While I don’t include Kim Stanley Robinson’s Mars Trilogy—which I finished last year—to occupy the same world as these other books (although in his other work he does address climate change), what he, as well as Doctorow and Butler, make clear is that political organizing and social change takes a lot of dedicated work by a lot of dedicated people over the course of decades. It’s playing the long game. It’s not something that can be done with hash tags, a once-a-year women’s march, or going to the ballot box. What’s needed is a systemic change, one that Doctorow and Butler point to; one in which capitalism as we know it has gone and replaced by a sharing economy and other models of escaping capitalist exploitation (Robinson gets to this as well); one in which we live more collectively; one in which the environment is protected; one in which LGBTQ people and other minorities have equal rights.

What do these structural changes regarding the economy, the environment, and living in harmony with our neighbors have in common? That in order to avoid these dystopian futures, we must reject capitalism and look for other modes of living, lest our planet become inhospitable for all but the most elite members of society. What is needed cannot be achieved by carbon taxes or raising the minimum wage (although those would be nice). The root of the problem—capitalism—is still there. And without yanking up that root we are likely to live in some version of the future that Atwood, Bagicalupi, Brown, Butler, and Doctorow suggest are coming.

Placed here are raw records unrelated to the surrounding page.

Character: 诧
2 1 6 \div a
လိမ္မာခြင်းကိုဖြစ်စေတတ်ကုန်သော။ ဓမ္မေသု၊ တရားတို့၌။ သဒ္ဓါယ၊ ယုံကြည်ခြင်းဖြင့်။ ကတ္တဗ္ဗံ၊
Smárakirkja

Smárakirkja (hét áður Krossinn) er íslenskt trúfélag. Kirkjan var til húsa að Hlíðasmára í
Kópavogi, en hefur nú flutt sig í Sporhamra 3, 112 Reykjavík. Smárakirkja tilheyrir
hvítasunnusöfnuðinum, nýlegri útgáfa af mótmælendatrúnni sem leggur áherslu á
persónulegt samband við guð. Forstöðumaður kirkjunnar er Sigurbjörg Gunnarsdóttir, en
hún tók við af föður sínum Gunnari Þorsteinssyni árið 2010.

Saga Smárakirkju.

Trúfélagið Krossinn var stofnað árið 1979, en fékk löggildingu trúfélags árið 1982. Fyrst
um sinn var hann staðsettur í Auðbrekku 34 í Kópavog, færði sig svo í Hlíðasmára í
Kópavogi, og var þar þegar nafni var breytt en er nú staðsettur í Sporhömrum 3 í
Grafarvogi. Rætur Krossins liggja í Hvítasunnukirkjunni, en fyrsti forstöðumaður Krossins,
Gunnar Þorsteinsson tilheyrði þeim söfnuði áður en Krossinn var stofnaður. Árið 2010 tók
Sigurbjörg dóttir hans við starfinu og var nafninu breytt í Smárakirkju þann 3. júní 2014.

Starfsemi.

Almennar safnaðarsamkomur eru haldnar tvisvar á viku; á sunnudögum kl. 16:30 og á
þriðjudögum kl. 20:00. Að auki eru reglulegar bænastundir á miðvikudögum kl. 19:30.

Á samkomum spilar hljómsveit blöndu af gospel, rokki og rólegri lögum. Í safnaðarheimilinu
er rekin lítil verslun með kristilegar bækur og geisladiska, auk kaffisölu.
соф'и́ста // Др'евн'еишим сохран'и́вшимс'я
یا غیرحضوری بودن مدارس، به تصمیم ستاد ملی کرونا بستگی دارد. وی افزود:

These books remind me of a quote from Ursula K. Le Guin, which I see popping up in more and more places, especially during the Trump era: “We live in capitalism. Its power seems inescapable. So did the divine right of kings. Any human power can be resisted and changed by human beings. Resistance and change often begin in art, and very often in our art, the art of words.”

These five books I’ve highlighted—along with dozens more I have yet to read—show us our future we are headed for. They offer a future where we can escape capitalism’s power and that doing so can start through books. And in so doing, these books implicitly argue for a Leftist, anti-capitalist revolution. We need to read these books, learn from them, and begin to act. Now.